Adult Illiteracy is Holding Women Back: Let’s Think Beyond the Classroom – Women Deliver

In the past 15 years, global illiteracy rates among adults has barely budged, dropping from 18% of the population in 2000 to 14% in 2015.  And here’s another consistent fact: women make up two-thirds of the illiterate population worldwide. Among countries with the lowest literacy rates, gender disparities are even wider, according to a new UNESCO report.

UNESCO Report on Illiteracy 2016Girls’ and women’s literacy with a lifelong learning perspective: issues, trends and implications for the Sustainable Development Goals,” released May 2016 by UNESCO, states that three-quarters of the global illiterate population live in South and West Asia or sub-Saharan Africa. In West Africa, for example – which has a particularly poor record for adult literacy – less than 25% of women can read. Poor, rural women everywhere are among the most likely to be illiterate. 

Although literacy is a critical component to achieving SDG 4 – ensuring inclusive and equitable quality education and promoting lifelong learning opportunities for all – it is often neglected and under-resourced in national education programs. In order to give marginalized women a chance to learn, earn, and break the intergenerational cycle of poverty, governments, donors, and civil society need to prioritize non-traditional literacy programs. The lack of progress in both a) closing the gap between male to female illiteracy, and b) reducing the raw numbers of women who are illiterate, is a reflection of the lack of support given to women’s literacy learning and non-formal education programs.

While good quality women’s literacy programs backed by long-term political commitment are more the global exception than the rule, there are positive success stories that can guide and inspire champions of adult literacy.

China, for example, has experienced one of the fastest declines in illiteracy rates worldwide. India too has reduced the absolute number of its illiterate population, although it still remains the highest in the world. The literacy rate in South Africa continues to improve, thanks to a national commitment to deliver mass literacy campaigns in all eleven of the country’s official languages.  And Nepal made remarkable progress boosting women’s literacy; its National Literacy Campaign even received UNESCO’s Confucius Literacy Prize in 2010.
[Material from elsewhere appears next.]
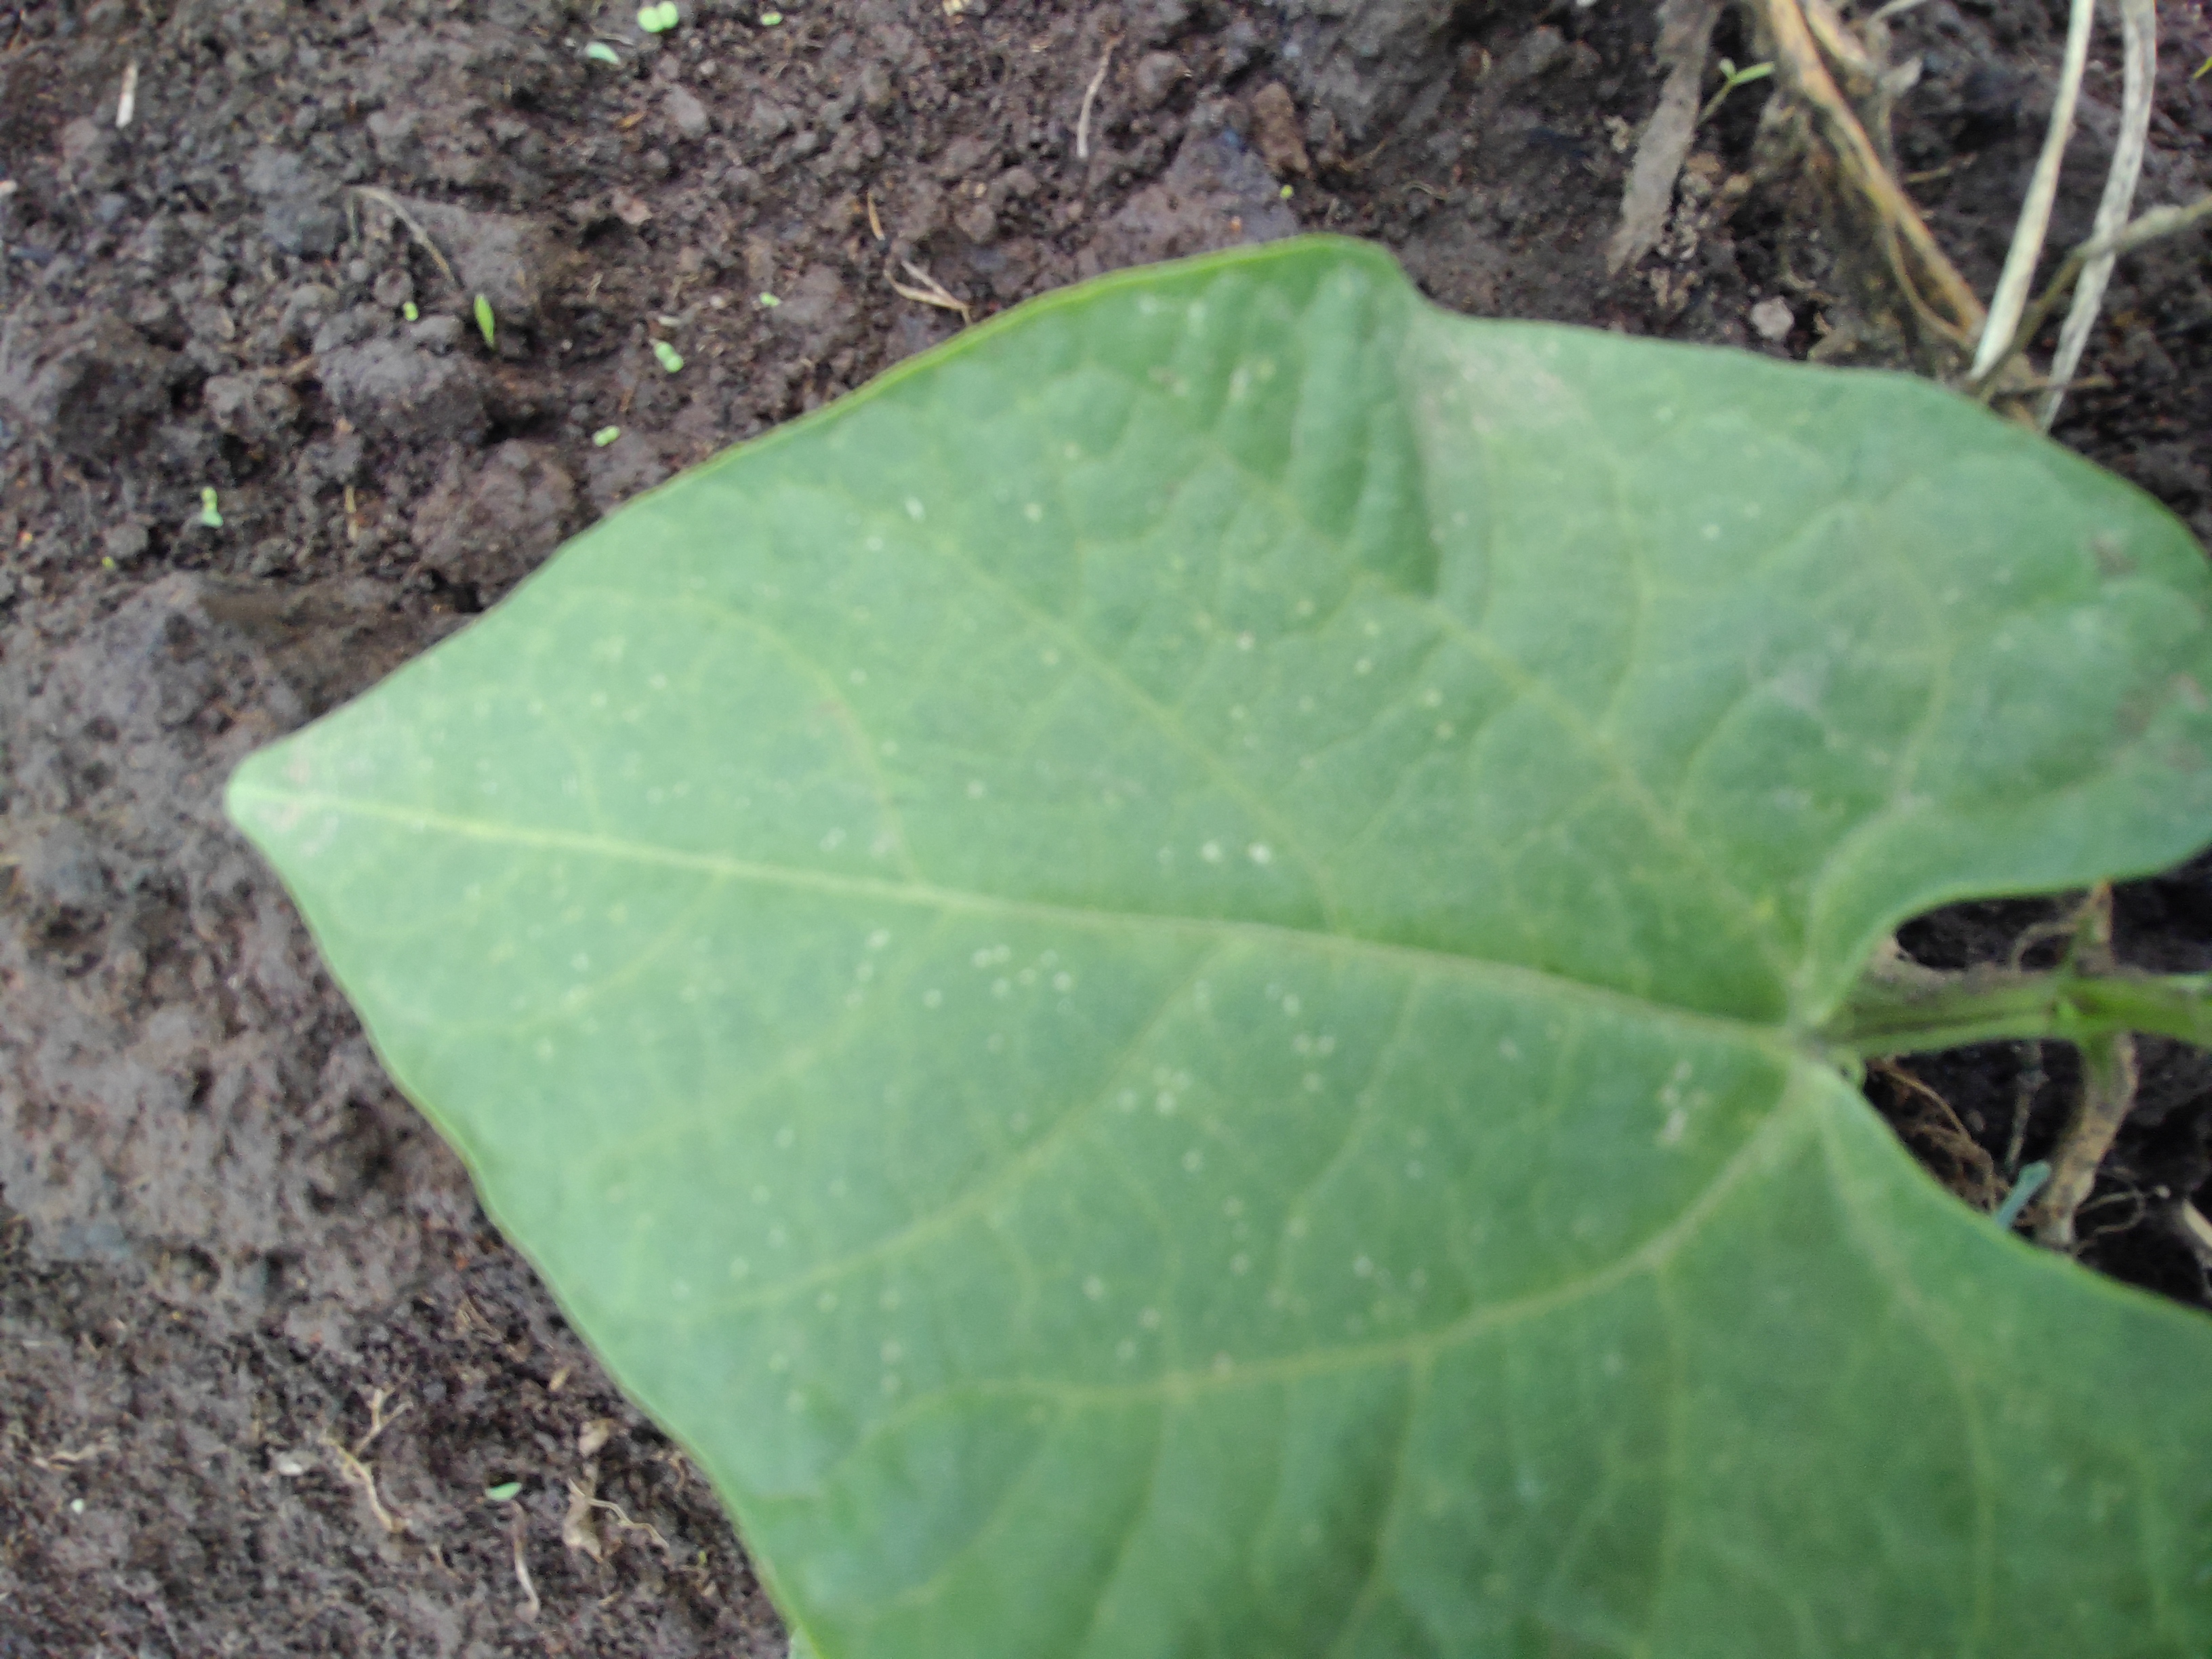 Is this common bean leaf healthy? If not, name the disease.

healthy

The most successful women’s literacy programs have been designed with the aim of challenging gender inequities and empowering their beneficiaries in some way. Another crucial element of success is ensuring the program is locally owned.

The UNESCO-supported Females for Families program in Egypt – another winner of the UNESCO Confucius Prize for Literacy – is one example of a literacy intervention with community buy-in. In the remote Egyptian town of Abu-Ashur, where Females for Families operates, the local government had a five-year goal to raise its literacy rate from 78 to 93%. In addition to high illiteracy rates, the agricultural region suffered from inadequate health and education services; poor health, early marriage, and child labor were widespread.

The Abu-Ashur intervention is a model of family-based development. Local families designated 120 girls for an intensive six-month training, including literacy, health, human rights, income-generation, administrative, and communication skills. After the training, the girls returned back to their community, establishing home literacy classes while sharing information on health, hygiene and family planning. They also trained people in cooking, crafts, or agriculture, accompanied them to the doctor, encouraged children who had dropped out of school to return, and helped secure small loans. They became focal points for the administration, helping family members obtain identity and election cards, for example.

Hailed as a social and cultural breakthrough, Females for Families seeks to empower communities with far more than literacy skills. The fact that it has transformed local girls into leaders in their community and swept away prejudices about women in public life is counted among its many merits.

The program in Abu-Ashur underscores the importance of recognizing that SDG 4 is more than just an education goal. To be certain, we need to close the literacy gender gap. But we also need to recognize that the need for education extends beyond the four walls of the classroom. Providing non-traditional and lifelong learning opportunities is critical component of meeting that goal.